**Data records:**

Content starts

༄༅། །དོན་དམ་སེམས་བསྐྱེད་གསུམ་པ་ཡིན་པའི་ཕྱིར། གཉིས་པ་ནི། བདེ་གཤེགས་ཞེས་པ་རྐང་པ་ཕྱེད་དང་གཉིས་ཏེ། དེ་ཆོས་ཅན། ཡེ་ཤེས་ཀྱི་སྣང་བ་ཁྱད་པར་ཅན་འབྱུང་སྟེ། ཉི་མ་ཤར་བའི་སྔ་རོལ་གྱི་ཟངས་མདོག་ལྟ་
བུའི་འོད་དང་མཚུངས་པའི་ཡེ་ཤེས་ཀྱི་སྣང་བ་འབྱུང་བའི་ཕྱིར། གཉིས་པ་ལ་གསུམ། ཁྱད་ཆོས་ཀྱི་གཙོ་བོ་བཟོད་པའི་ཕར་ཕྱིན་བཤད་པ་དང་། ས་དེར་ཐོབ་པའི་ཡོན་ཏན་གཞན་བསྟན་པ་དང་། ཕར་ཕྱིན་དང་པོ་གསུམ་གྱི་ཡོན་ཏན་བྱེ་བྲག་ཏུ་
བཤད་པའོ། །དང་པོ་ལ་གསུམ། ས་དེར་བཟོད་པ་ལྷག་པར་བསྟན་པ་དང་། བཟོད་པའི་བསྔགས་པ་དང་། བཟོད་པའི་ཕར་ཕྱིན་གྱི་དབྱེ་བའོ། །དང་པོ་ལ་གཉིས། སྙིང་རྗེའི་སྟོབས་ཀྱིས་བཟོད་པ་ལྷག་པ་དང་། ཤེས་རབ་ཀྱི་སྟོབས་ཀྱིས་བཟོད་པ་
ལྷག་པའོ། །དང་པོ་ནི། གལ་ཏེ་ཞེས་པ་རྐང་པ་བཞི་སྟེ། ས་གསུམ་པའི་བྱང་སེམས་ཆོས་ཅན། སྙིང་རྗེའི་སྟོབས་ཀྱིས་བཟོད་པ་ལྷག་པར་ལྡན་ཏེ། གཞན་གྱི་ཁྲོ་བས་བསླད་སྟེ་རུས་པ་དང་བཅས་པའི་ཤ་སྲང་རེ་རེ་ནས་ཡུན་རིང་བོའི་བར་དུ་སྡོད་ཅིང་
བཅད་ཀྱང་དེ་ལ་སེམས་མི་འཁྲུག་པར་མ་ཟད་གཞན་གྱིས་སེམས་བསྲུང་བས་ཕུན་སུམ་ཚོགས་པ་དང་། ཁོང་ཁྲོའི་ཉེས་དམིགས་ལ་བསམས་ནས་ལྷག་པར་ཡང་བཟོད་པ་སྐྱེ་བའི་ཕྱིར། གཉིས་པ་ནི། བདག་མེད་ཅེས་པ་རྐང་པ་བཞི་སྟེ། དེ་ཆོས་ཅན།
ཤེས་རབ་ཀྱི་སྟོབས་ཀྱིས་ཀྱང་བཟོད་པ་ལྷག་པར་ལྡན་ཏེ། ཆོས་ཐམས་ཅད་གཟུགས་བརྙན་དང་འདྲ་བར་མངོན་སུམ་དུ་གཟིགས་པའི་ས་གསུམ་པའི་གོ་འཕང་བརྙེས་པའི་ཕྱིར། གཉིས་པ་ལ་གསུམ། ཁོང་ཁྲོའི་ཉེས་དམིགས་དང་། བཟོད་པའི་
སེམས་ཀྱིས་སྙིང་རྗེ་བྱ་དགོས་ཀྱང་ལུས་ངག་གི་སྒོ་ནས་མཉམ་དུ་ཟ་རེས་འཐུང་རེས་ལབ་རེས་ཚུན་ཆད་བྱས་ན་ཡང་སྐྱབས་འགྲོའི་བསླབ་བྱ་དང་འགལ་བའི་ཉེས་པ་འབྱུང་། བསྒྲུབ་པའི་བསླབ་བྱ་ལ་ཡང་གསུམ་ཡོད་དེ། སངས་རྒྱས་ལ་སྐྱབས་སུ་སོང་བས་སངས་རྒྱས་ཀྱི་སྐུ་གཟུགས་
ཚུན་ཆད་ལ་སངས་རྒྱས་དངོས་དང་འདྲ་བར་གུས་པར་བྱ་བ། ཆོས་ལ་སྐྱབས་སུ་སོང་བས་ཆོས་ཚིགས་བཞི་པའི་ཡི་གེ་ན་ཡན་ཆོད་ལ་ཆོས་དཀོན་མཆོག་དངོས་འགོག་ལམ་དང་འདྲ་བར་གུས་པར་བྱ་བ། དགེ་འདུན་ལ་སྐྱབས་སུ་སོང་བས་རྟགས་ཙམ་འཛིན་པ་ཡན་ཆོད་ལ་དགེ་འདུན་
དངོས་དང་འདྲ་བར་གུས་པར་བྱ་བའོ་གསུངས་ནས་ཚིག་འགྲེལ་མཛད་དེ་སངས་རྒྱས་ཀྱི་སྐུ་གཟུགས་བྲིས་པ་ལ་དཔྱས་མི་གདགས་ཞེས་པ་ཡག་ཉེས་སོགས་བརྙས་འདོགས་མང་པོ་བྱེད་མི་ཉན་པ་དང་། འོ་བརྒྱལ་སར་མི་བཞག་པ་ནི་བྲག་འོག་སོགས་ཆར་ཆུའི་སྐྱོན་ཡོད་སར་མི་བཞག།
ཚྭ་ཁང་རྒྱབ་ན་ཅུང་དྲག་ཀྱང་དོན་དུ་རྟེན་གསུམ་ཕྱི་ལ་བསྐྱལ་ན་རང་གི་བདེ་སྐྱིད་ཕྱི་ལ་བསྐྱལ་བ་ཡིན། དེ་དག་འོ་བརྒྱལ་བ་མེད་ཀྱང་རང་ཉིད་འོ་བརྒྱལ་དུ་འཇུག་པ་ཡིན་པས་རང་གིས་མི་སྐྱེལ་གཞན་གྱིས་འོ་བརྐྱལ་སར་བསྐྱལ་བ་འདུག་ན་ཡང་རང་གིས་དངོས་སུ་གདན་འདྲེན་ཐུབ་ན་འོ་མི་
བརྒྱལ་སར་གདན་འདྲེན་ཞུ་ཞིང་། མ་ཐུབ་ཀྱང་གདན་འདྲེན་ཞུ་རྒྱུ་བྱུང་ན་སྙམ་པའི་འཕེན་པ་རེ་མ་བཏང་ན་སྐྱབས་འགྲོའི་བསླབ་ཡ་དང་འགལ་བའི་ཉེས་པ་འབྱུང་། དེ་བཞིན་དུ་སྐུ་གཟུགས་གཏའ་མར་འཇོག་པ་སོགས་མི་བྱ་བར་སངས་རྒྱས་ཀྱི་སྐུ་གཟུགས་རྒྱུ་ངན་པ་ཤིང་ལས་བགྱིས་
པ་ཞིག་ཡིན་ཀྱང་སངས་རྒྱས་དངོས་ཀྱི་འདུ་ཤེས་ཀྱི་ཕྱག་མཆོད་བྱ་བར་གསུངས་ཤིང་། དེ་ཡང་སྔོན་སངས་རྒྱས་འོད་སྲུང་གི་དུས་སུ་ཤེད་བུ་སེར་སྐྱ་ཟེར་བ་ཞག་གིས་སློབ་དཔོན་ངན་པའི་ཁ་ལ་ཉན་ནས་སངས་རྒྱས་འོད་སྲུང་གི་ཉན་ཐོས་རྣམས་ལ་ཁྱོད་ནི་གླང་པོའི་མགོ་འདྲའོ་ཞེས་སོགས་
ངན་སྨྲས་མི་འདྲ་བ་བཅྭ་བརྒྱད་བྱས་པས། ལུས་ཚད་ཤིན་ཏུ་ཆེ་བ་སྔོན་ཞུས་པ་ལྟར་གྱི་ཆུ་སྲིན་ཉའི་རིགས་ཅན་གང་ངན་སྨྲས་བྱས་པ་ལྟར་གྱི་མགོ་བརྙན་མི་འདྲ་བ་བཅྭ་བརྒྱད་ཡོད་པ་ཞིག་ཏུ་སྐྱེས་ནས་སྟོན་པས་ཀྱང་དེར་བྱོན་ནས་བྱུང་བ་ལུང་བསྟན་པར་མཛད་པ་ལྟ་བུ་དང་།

Content ends

Your reply should hold only the lines from the first line of the records through the one with "གཉིས་པ་ནི། བདག་མེད་ཅེས་པ་རྐང་པ་བཞི་སྟེ། དེ་ཆོས་ཅན།", reproduced word for word.

**Response:**
༄༅། །དོན་དམ་སེམས་བསྐྱེད་གསུམ་པ་ཡིན་པའི་ཕྱིར། གཉིས་པ་ནི། བདེ་གཤེགས་ཞེས་པ་རྐང་པ་ཕྱེད་དང་གཉིས་ཏེ། དེ་ཆོས་ཅན། ཡེ་ཤེས་ཀྱི་སྣང་བ་ཁྱད་པར་ཅན་འབྱུང་སྟེ། ཉི་མ་ཤར་བའི་སྔ་རོལ་གྱི་ཟངས་མདོག་ལྟ་
བུའི་འོད་དང་མཚུངས་པའི་ཡེ་ཤེས་ཀྱི་སྣང་བ་འབྱུང་བའི་ཕྱིར། གཉིས་པ་ལ་གསུམ། ཁྱད་ཆོས་ཀྱི་གཙོ་བོ་བཟོད་པའི་ཕར་ཕྱིན་བཤད་པ་དང་། ས་དེར་ཐོབ་པའི་ཡོན་ཏན་གཞན་བསྟན་པ་དང་། ཕར་ཕྱིན་དང་པོ་གསུམ་གྱི་ཡོན་ཏན་བྱེ་བྲག་ཏུ་
བཤད་པའོ། །དང་པོ་ལ་གསུམ། ས་དེར་བཟོད་པ་ལྷག་པར་བསྟན་པ་དང་། བཟོད་པའི་བསྔགས་པ་དང་། བཟོད་པའི་ཕར་ཕྱིན་གྱི་དབྱེ་བའོ། །དང་པོ་ལ་གཉིས། སྙིང་རྗེའི་སྟོབས་ཀྱིས་བཟོད་པ་ལྷག་པ་དང་། ཤེས་རབ་ཀྱི་སྟོབས་ཀྱིས་བཟོད་པ་
ལྷག་པའོ། །དང་པོ་ནི། གལ་ཏེ་ཞེས་པ་རྐང་པ་བཞི་སྟེ། ས་གསུམ་པའི་བྱང་སེམས་ཆོས་ཅན། སྙིང་རྗེའི་སྟོབས་ཀྱིས་བཟོད་པ་ལྷག་པར་ལྡན་ཏེ། གཞན་གྱི་ཁྲོ་བས་བསླད་སྟེ་རུས་པ་དང་བཅས་པའི་ཤ་སྲང་རེ་རེ་ནས་ཡུན་རིང་བོའི་བར་དུ་སྡོད་ཅིང་
བཅད་ཀྱང་དེ་ལ་སེམས་མི་འཁྲུག་པར་མ་ཟད་གཞན་གྱིས་སེམས་བསྲུང་བས་ཕུན་སུམ་ཚོགས་པ་དང་། ཁོང་ཁྲོའི་ཉེས་དམིགས་ལ་བསམས་ནས་ལྷག་པར་ཡང་བཟོད་པ་སྐྱེ་བའི་ཕྱིར། གཉིས་པ་ནི། བདག་མེད་ཅེས་པ་རྐང་པ་བཞི་སྟེ། དེ་ཆོས་ཅན།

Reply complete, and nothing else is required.